**TASK REQUIREMENTS**
In the listing that follows, give every line again exactly and omit the pictures.

**STORED DATA**

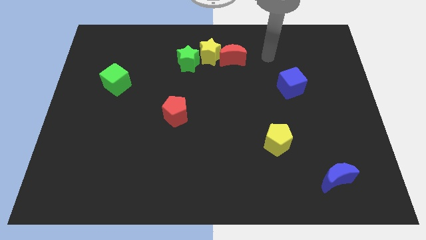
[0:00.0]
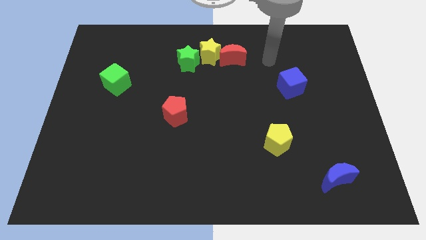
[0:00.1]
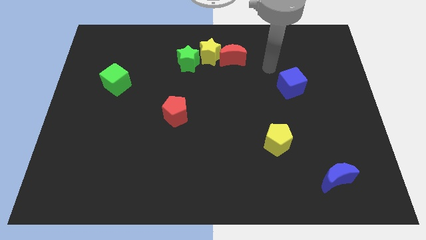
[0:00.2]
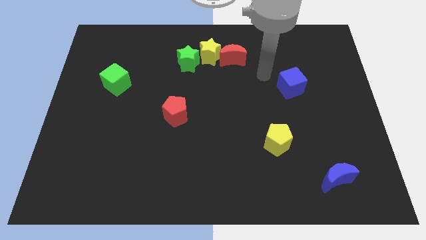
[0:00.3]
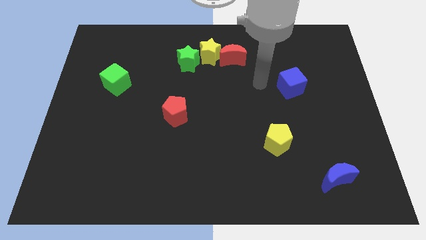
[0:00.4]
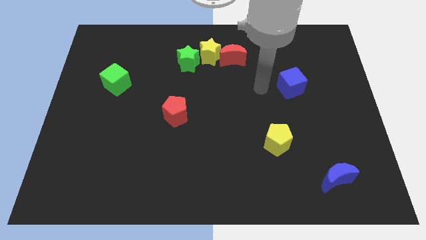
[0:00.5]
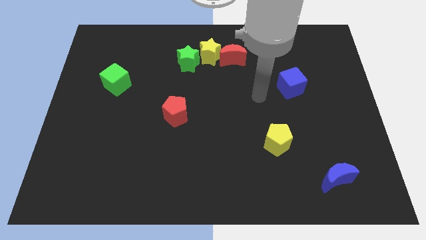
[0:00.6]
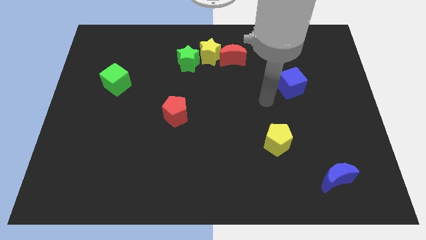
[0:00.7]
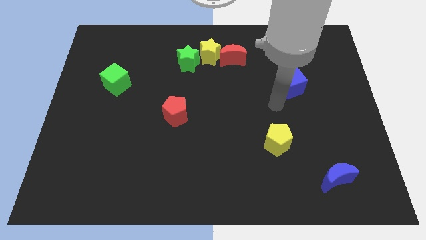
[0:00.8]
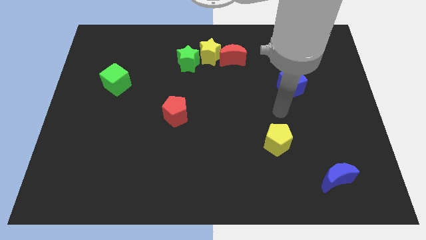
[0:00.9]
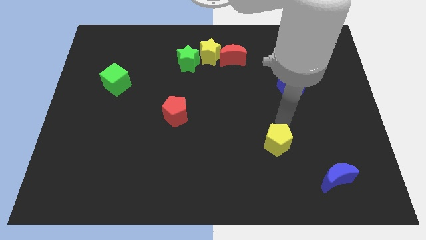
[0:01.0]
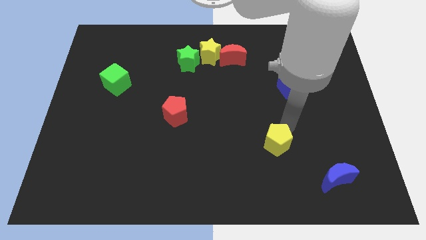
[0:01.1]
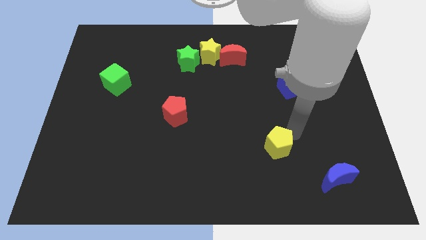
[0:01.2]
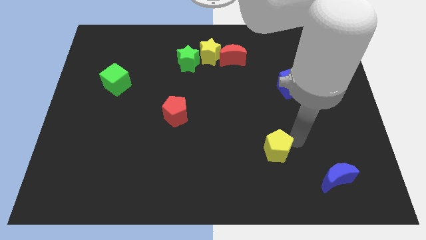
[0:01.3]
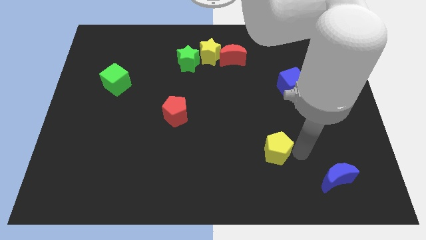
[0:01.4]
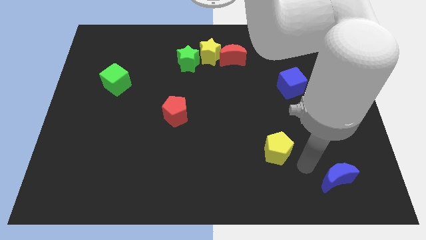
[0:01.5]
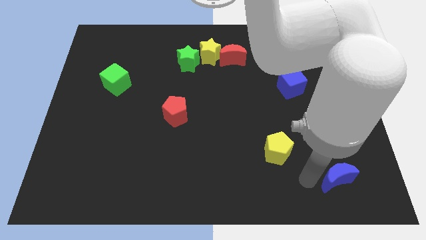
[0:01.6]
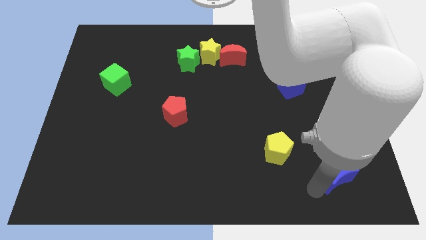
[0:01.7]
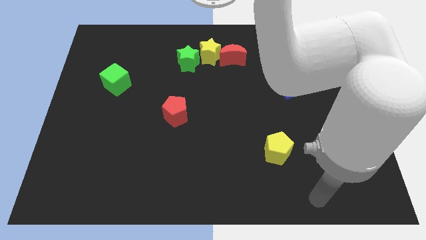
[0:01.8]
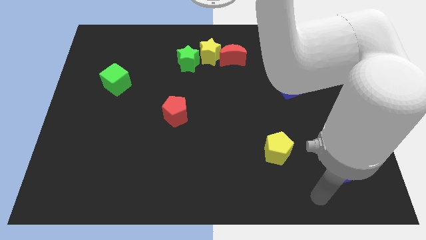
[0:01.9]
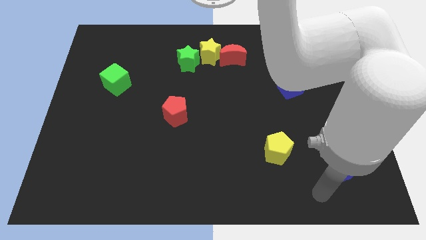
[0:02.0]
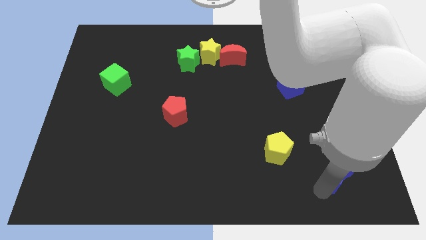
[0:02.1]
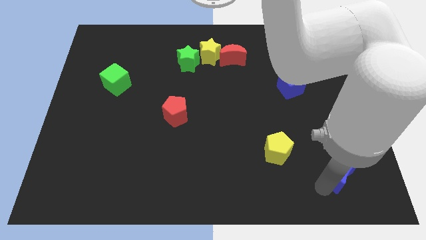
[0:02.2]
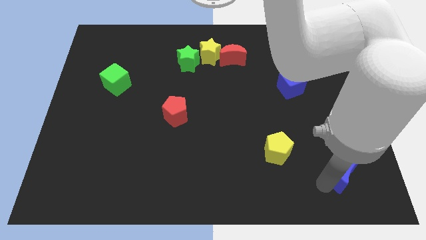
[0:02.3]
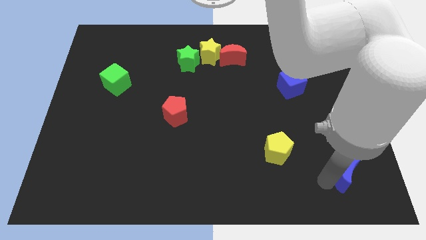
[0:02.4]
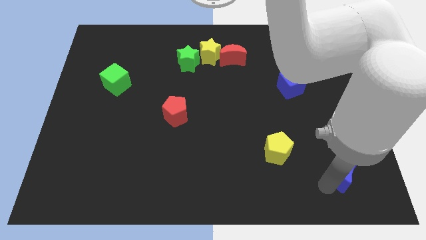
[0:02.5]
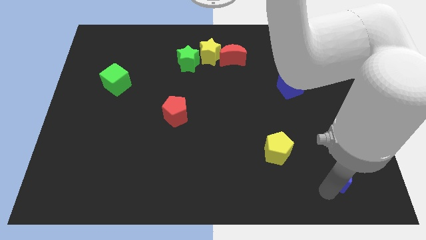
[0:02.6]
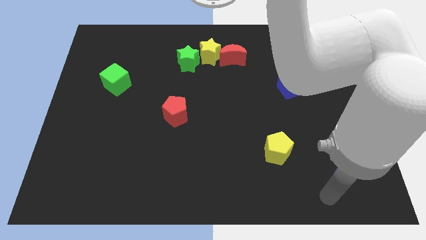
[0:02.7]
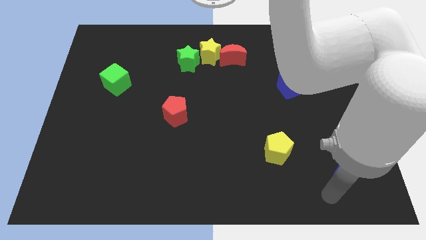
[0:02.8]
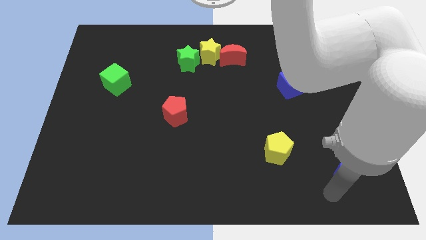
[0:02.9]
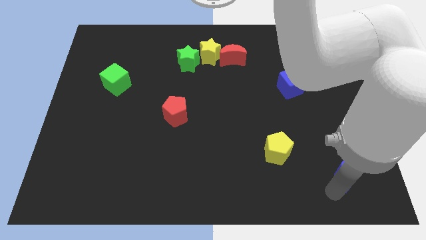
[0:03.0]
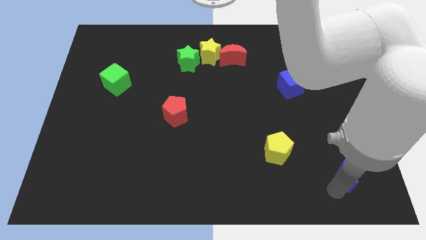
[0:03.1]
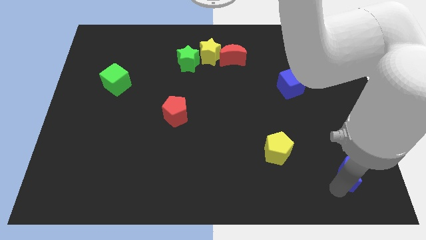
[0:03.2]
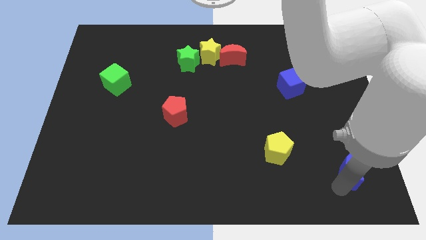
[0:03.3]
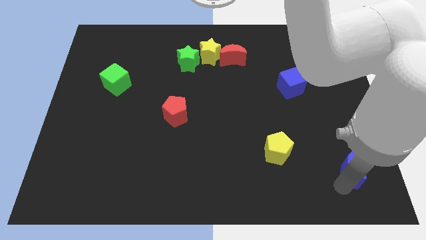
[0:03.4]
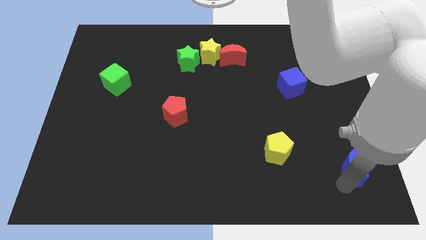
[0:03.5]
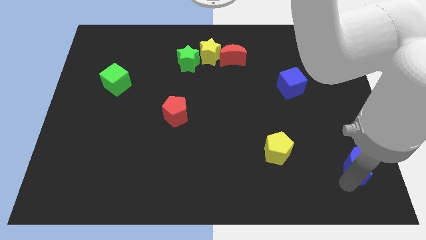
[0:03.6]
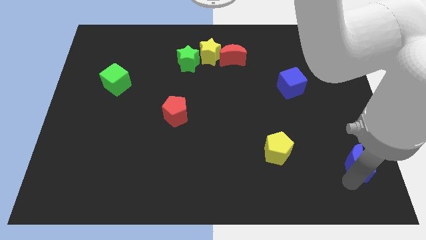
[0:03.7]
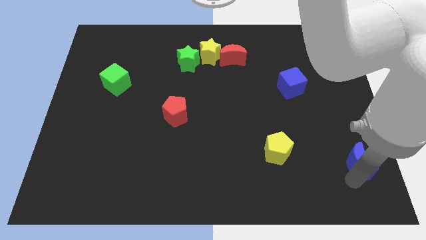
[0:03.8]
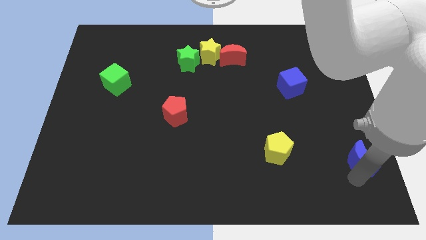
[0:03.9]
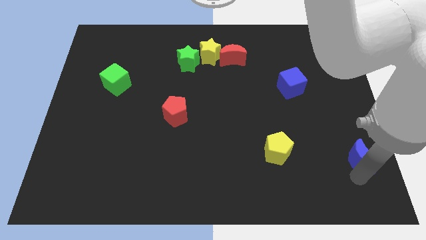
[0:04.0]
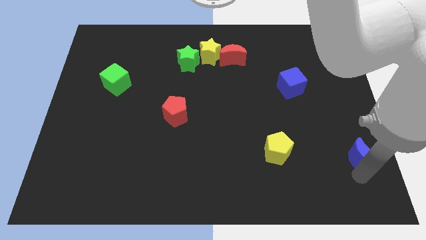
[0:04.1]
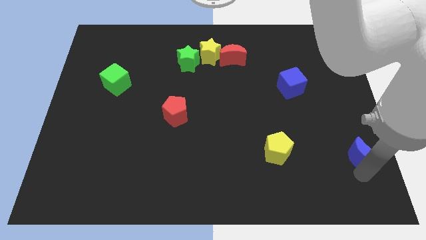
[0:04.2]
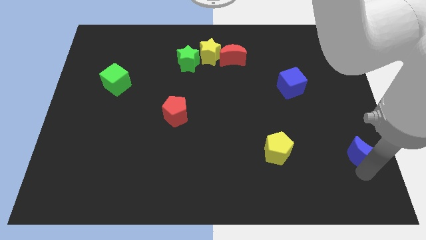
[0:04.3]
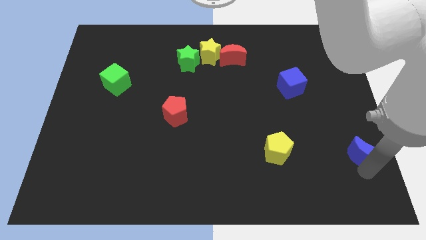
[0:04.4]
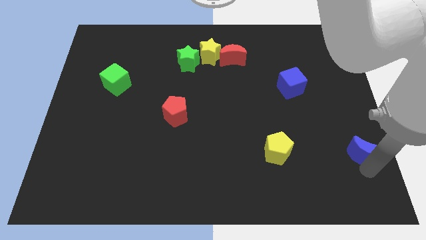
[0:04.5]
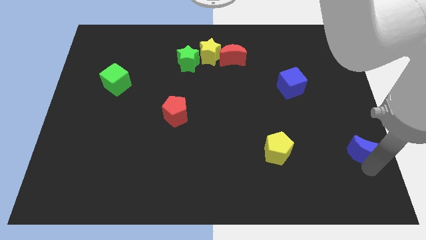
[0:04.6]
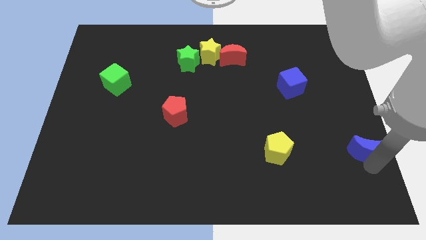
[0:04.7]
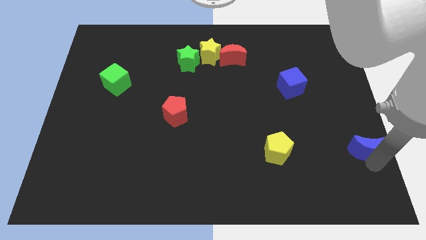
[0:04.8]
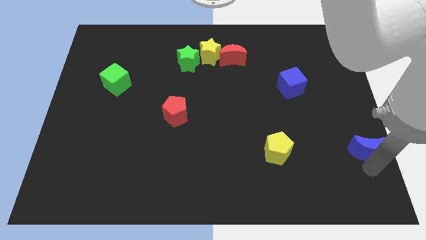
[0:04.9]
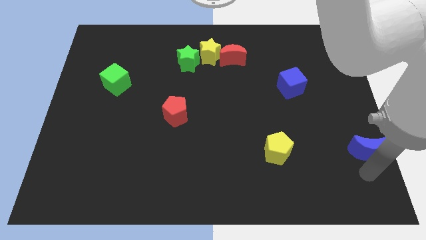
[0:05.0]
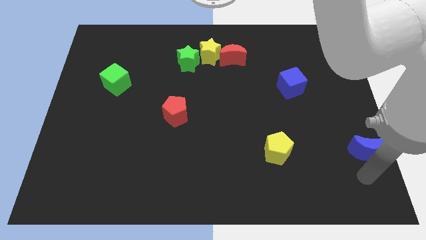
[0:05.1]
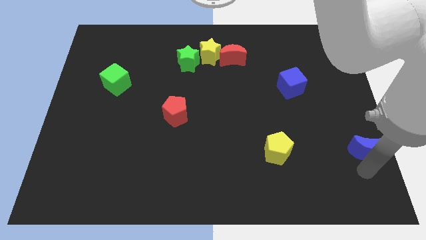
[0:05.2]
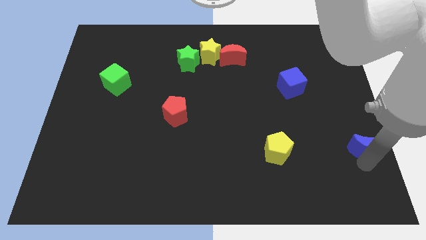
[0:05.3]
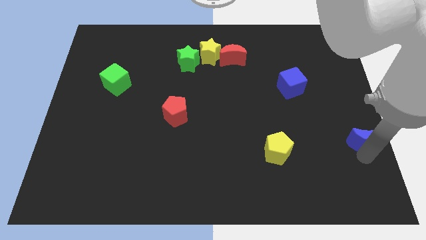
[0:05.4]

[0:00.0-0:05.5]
push the blue moon to the right side of the board

**EXERCISE RESULT**
[0:00.0]
[0:00.1]
[0:00.2]
[0:00.3]
[0:00.4]
[0:00.5]
[0:00.6]
[0:00.7]
[0:00.8]
[0:00.9]
[0:01.0]
[0:01.1]
[0:01.2]
[0:01.3]
[0:01.4]
[0:01.5]
[0:01.6]
[0:01.7]
[0:01.8]
[0:01.9]
[0:02.0]
[0:02.1]
[0:02.2]
[0:02.3]
[0:02.4]
[0:02.5]
[0:02.6]
[0:02.7]
[0:02.8]
[0:02.9]
[0:03.0]
[0:03.1]
[0:03.2]
[0:03.3]
[0:03.4]
[0:03.5]
[0:03.6]
[0:03.7]
[0:03.8]
[0:03.9]
[0:04.0]
[0:04.1]
[0:04.2]
[0:04.3]
[0:04.4]
[0:04.5]
[0:04.6]
[0:04.7]
[0:04.8]
[0:04.9]
[0:05.0]
[0:05.1]
[0:05.2]
[0:05.3]
[0:05.4]

[0:00.0-0:05.5]
push the blue moon to the right side of the board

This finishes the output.